BEIJING, Dec. 3 Chinese military officers said today that Taiwan's leadership had pushed the island toward the "abyss of war" with its independence drive, making clear that China would consider a popular vote on Taiwan's political status as cause for war.

In lengthy interviews carried prominently by the official New China News Agency and other news outlets, the military officials also said that China would prevent Taiwan from formally declaring independence even if that meant pushing the mainland economy into a recession or destroying its plans to be host to the 2008 Olympics.

"Chen has reached the mainland's bottom line on the Taiwan question," said Luo Yuan, a senior colonel with the Chinese Academy of Military Sciences, referring to Taiwan's president, Chen Shui-Bian. "If they refuse to come to their senses and continue to use referenda as an excuse to seek Taiwan independence, they will push Taiwan compatriots into the abyss of war."

Maj. Gen. Peng Guangqian was quoted as saying that the mainland would attack without hesitation if Taiwan sought a formal split. "Taiwan independence means war," Mr. Peng said. "This is the word of 1.3 billion people, and we will keep our word."

The comments were the most strident in a barrage of explicit threats directed toward Taiwan in recent weeks by mainland leaders, and they may indicate a decisive shift in Beijing's approach to managing Taiwan affairs.

For the past several years, China has sought to downplay what it considers political provocations by Mr. Chen. Beijing has courted Taiwanese businessmen and promoted economic integration between the two adversaries, which have been politically divided since the Communists won a civil war in 1949, hoping to create a broader popular constituency in Taiwan that favors eventual reunification.

But mainland leaders, who regard Taiwan as a renegade province, now seem alarmed that softer cross-Straits diplomacy, and China's preoccupation with its extensive leadership transition, may have sent the wrong signals. They have now resumed making bellicose threats whenever they see Mr. Chen tip-toeing toward the edge of declaring independence, the kind of aggressive posturing that some American officials fear could spiral into armed conflict.

At issue is whether Taiwan will hold some kind of referendum, possibly in tandem with its presidential elections in March, that would broach the delicate subject of sovereignty.

Mr. Chen, fighting a tough battle for re-election, has promoted just such a referendum to invigorate his supporters, many of whom favor formal independence from the mainland.

The issue appeared to be defused last week, when Taiwan's Parliament, controlled by the main opposition party, stepped back from a direct confrontation with Beijing. The legislature passed a bill that would permit referendums on constitutional and sovereignty issues, but only under narrow circumstances. The law denies the president the authority to call a referendum on such issues himself, except in matters of national defense.
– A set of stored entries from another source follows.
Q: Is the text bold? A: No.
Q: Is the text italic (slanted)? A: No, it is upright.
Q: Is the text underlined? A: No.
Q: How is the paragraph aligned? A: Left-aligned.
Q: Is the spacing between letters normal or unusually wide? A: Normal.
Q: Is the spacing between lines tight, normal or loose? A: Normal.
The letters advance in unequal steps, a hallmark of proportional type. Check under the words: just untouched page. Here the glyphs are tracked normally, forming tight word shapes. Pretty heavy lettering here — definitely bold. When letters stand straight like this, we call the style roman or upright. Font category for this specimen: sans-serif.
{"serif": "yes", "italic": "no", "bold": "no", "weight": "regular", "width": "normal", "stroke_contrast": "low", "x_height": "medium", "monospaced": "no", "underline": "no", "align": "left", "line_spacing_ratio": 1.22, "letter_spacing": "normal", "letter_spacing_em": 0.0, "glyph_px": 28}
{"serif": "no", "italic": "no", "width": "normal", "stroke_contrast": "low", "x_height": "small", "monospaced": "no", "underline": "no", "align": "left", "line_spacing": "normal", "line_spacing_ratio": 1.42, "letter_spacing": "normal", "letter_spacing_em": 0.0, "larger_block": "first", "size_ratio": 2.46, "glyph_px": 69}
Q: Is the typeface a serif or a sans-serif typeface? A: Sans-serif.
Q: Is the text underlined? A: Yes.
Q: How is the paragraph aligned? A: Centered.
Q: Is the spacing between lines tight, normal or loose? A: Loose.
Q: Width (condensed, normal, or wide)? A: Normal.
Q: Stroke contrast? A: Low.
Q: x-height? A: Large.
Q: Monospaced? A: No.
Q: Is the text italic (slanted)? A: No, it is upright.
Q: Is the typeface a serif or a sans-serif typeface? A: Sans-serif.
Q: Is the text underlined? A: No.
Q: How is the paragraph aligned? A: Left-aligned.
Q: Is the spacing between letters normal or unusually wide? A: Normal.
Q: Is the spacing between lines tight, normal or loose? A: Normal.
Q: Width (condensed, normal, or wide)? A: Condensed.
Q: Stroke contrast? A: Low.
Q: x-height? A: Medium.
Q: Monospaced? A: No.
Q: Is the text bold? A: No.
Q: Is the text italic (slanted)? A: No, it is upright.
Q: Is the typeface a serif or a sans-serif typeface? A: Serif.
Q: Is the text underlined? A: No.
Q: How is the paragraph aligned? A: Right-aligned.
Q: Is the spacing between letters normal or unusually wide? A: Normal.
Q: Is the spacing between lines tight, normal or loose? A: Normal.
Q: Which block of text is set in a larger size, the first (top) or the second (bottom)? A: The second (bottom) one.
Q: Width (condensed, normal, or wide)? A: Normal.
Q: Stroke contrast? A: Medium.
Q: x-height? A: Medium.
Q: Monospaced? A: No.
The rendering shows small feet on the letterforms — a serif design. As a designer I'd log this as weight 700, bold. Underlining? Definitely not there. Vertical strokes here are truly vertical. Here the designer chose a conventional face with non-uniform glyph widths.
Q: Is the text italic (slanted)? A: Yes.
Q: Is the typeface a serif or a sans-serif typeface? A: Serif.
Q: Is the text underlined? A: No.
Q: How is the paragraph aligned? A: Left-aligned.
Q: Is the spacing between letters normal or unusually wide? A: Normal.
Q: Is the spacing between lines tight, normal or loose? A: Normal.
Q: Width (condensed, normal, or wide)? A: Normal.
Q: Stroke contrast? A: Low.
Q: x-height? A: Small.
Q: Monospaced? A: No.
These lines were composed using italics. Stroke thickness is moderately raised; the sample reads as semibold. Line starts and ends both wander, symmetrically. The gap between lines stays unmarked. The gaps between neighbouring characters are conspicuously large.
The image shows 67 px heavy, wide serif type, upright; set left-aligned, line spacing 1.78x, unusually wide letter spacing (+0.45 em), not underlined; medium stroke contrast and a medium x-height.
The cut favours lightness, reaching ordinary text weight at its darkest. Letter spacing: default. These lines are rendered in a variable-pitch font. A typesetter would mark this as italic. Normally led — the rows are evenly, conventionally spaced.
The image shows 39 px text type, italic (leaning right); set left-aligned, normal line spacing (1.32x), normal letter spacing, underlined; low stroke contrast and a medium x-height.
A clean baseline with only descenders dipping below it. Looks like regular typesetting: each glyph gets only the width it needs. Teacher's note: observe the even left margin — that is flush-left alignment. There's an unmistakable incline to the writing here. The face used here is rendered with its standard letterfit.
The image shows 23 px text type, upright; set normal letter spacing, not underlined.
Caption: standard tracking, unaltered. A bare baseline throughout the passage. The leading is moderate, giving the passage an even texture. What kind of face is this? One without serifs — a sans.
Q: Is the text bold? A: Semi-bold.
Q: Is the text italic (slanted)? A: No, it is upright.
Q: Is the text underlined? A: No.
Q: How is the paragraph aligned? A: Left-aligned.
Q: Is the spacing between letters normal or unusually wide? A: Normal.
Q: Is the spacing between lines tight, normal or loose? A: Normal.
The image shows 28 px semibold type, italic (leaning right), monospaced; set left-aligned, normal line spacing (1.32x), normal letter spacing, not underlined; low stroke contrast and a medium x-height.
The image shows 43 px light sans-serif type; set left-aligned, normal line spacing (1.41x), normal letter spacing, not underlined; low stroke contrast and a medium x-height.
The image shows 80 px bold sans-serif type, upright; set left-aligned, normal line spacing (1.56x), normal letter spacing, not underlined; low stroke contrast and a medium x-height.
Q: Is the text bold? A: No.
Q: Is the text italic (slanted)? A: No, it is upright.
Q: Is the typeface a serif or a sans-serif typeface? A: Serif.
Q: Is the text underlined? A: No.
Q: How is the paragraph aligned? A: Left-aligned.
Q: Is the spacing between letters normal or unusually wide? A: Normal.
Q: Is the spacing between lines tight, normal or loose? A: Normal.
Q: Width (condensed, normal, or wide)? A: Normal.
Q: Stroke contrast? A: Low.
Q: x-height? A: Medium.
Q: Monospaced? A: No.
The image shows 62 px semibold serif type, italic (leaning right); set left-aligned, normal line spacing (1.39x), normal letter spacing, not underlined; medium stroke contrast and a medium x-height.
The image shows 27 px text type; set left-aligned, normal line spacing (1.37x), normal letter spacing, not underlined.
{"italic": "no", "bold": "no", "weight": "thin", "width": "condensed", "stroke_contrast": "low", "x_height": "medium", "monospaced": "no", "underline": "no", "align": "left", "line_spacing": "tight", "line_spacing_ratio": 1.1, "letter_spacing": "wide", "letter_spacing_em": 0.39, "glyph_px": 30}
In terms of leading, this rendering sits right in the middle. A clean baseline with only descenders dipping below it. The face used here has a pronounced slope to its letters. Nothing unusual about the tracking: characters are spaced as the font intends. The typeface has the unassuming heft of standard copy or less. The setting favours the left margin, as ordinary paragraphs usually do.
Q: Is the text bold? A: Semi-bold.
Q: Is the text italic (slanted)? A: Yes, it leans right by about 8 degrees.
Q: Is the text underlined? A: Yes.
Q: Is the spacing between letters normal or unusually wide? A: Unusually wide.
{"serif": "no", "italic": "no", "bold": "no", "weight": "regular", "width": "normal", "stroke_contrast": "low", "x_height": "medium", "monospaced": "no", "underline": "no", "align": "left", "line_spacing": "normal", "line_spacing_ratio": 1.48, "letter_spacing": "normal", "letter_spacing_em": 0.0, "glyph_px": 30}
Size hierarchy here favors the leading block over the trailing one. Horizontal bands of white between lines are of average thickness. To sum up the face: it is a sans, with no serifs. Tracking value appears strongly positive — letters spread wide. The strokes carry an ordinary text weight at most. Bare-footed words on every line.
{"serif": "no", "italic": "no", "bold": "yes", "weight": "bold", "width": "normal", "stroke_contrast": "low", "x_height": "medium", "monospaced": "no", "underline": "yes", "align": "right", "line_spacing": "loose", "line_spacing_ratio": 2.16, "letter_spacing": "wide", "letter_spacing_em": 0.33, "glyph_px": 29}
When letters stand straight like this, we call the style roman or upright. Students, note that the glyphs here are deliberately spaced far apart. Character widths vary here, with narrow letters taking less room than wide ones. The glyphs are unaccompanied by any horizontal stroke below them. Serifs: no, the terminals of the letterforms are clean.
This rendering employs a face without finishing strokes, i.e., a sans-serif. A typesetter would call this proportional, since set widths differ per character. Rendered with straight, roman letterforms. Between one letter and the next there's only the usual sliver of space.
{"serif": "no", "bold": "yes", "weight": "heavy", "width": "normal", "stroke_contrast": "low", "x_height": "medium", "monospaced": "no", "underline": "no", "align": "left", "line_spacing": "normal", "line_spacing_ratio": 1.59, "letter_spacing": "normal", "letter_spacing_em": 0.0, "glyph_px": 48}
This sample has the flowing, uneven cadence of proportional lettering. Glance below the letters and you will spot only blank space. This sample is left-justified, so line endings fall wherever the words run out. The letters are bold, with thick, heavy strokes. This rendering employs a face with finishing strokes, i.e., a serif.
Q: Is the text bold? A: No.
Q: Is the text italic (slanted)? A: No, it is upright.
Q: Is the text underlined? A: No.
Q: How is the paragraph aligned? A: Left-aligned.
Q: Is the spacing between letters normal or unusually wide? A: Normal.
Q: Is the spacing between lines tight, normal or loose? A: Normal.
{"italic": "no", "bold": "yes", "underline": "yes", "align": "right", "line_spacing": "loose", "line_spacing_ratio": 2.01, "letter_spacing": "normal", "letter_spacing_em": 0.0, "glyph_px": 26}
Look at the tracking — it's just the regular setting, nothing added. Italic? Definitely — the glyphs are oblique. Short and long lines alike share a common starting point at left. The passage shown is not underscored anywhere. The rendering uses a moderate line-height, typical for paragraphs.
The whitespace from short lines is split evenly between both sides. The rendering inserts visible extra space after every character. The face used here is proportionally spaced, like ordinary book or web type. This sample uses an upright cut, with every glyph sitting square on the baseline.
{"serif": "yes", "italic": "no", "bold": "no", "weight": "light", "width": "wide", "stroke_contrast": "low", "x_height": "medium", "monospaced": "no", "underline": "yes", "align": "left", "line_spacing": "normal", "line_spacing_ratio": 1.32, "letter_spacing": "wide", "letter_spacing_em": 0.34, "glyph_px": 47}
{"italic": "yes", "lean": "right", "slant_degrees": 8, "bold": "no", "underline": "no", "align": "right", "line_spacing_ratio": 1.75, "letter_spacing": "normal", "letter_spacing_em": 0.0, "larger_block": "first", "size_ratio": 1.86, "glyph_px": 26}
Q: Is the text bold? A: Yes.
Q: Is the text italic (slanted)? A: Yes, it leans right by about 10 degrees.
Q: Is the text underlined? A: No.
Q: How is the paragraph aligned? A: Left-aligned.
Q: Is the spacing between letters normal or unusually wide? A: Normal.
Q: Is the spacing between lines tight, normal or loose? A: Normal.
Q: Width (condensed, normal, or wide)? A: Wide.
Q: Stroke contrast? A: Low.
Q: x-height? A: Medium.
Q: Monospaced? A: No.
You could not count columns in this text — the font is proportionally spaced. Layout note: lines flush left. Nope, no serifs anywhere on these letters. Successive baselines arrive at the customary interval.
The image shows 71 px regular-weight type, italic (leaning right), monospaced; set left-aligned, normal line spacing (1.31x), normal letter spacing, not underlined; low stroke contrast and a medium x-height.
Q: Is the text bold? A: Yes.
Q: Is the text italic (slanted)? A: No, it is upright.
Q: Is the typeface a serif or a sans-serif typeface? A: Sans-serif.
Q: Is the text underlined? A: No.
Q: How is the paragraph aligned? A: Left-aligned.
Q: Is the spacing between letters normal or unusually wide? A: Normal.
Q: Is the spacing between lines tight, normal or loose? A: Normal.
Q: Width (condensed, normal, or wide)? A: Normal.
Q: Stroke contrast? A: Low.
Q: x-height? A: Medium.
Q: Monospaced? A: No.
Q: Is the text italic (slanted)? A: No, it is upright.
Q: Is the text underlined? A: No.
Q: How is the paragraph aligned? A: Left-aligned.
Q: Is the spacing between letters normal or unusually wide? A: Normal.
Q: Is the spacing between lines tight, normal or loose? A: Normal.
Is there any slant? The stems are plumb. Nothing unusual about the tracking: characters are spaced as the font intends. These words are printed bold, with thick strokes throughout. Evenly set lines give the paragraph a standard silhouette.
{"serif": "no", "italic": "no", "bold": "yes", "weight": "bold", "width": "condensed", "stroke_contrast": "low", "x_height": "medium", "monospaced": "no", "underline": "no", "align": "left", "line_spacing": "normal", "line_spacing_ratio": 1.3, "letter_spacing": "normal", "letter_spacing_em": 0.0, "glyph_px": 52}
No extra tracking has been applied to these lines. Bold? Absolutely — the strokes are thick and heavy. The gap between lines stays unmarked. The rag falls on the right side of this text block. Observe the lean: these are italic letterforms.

But Mr. Chen said over the weekend that he saw the law as giving him leeway to organize a referendum because doing so "would protect our country's sovereignty." He did not elaborate, but Mr. Chen has argued in the past that Taiwan must take active steps to protect its de facto independence against encroachment from the mainland.

Chinese military officers do not write articles or speak out in official interviews without clearance from the highest levels, and the comments of General Peng and Colonel Luo were clearly orchestrated to send the firmest possible message about China's agitation ahead of a visit to Washington next week by China's prime minister, Wen Jiabao.

General Peng listed the Olympics, loss of foreign investment, deterioration in foreign relations, economic slowdown or recession and "necessary" casualties by the army as costs China would willingly bear to reunify the mainland. He belittled the idea that China would not dare use military force against Taiwan in advance of the 2008 Olympics, which it campaigned for many years to play host.

The officers are directing the comments at the United States as well as Taiwan. Beijing officials and analysts say the Bush administration needs to take a firmer line against Taiwanese independence, an issue Mr. Wen seems certain to press during his meeting next week with President Bush.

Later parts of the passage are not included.